In the first wave, Sam will meet k people. Then by our assumption each of those k people will meet k other people.
In the second wave, there would be k⋅k = k^2 individuals susceptible to secondary infections that started from Sam. And k^3 in the third wave, and so on.
We can visualize this branching process of the contact network as follows:
The purple nodes in this cascade tree with k=3 are the infected nodes. So after 3 waves with some value of p, we end up with 9 infected individuals starting from just 1.

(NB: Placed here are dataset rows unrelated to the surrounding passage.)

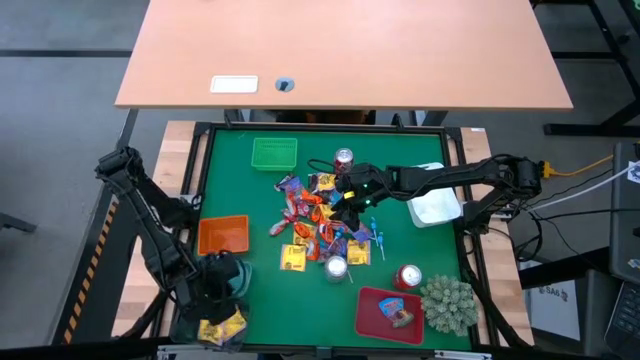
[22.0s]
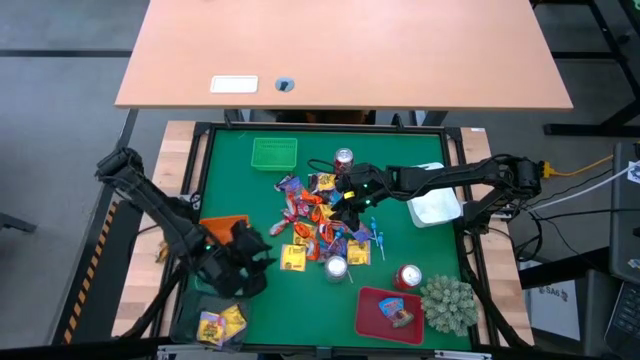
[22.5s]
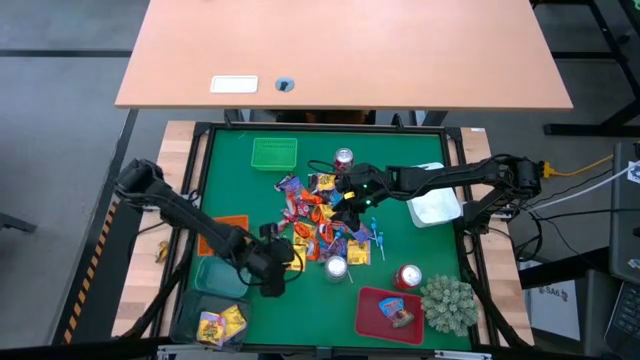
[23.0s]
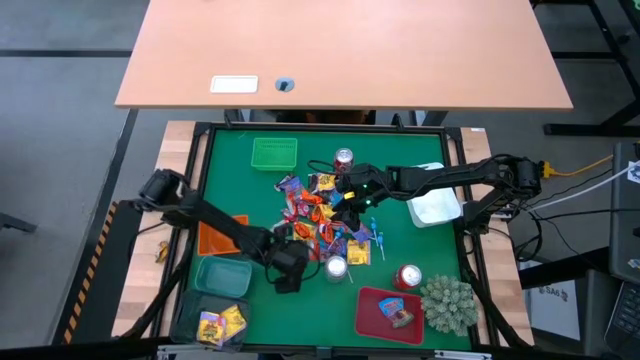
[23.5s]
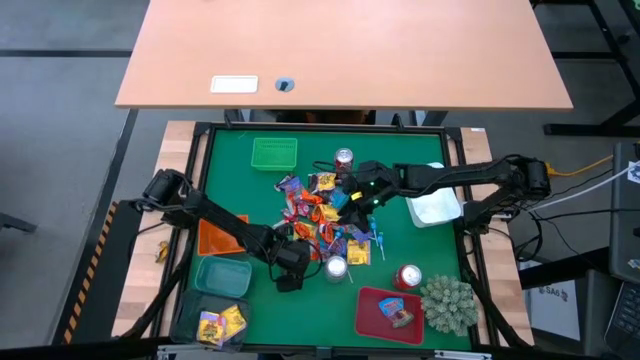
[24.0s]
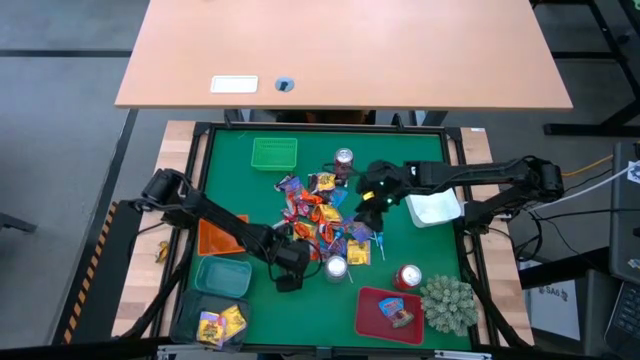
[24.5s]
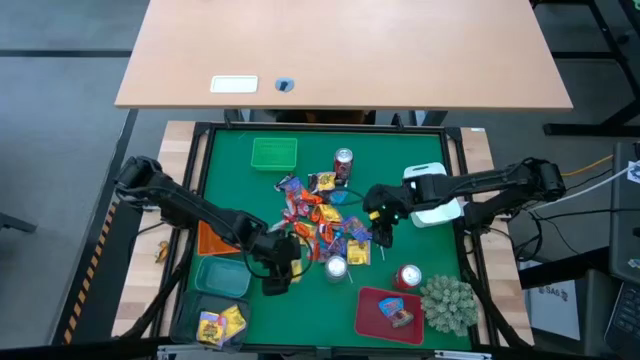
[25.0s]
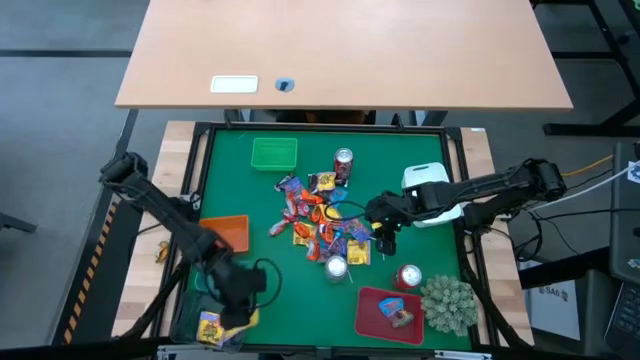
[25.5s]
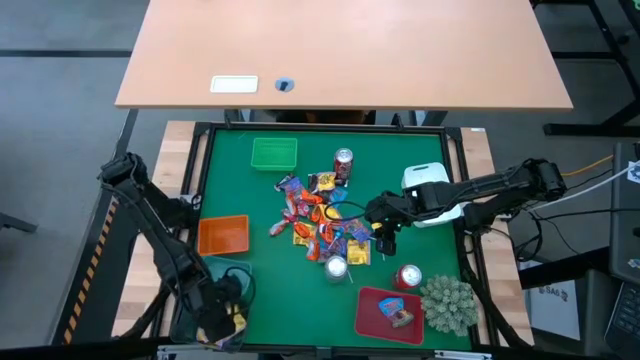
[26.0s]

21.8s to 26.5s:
Put the yellow candy into the black bin

Now, since each person who Sam meets in the first wave will be infected with probability p, we would on average have p \cdot k infected individuals. Then, in the second wave, these p \cdot k individuals will spread it to the k people that they meet, so on average the number of infected individuals after this wave would be
(p \cdot k)⋅p⋅k = (pk)^2.
If we repeat the process, we find that we expect to have (pk)^n infected individuals in the n-th wave. This quantity pk is our basic reproduction number.
Markov chains
More rigorously, let us turn to Markov chains to illustrate this. Let the random variable X_n be the number of infected individuals at time n (let’s assume we have discretized time into discrete steps so that time step n is equivalent to the n-th wave). (X_n) is a discrete time Markov chain since it satisfies the memoryless property: the number of infected people tomorrow only depends on the number of infected people today and no other information in the past is required.
By our assumptions, the expected number of secondary infections from one infected individual is
R_0 = \mathbb{E}[X_1|X_0=1] = \sum_{K=1}^{{\infty}} Kp_K = p_kk.
To see this, note that p_K = 0 when K \neq k because by assumption one individual can only infect k different individuals independently with probability p ( = p_k).
So then,
\mathbb{E}[X_n|X_{n-1}] = R_0 \cdot X_{n-1}.
Taking expectations again on both sides and using the law of total expectation,
\mathbb{E}[X_n] = R_0 \cdot \mathbb{E}[X_{n-1}] = R_0^n \cdot \mathbb{E}[X_0] = R_0^n,
since X_0 = 1 (the only infected individual is Sam).
R_0 < 1 \implies E[X_n] \rightarrow 0 \text{ as } n \rightarrow \infty.
In words, if R0 < 1, we expect that the number of infected individuals at time n will go to 0 when n is large with probability 1.
So now we see why it is important for diseases to have a basic (or effective) reproduction number less than 1 for it to have a possibility of dying out before infecting everyone.
Extinction Probability
But what if R0 > 1? Surely the larger the value, the worse it will get. But are we doomed? Not necessarily.
The question of whether there is there a positive probability that the disease will die out (so-called the extinction probability) is another thing that people can study, although this will be the topic of another time.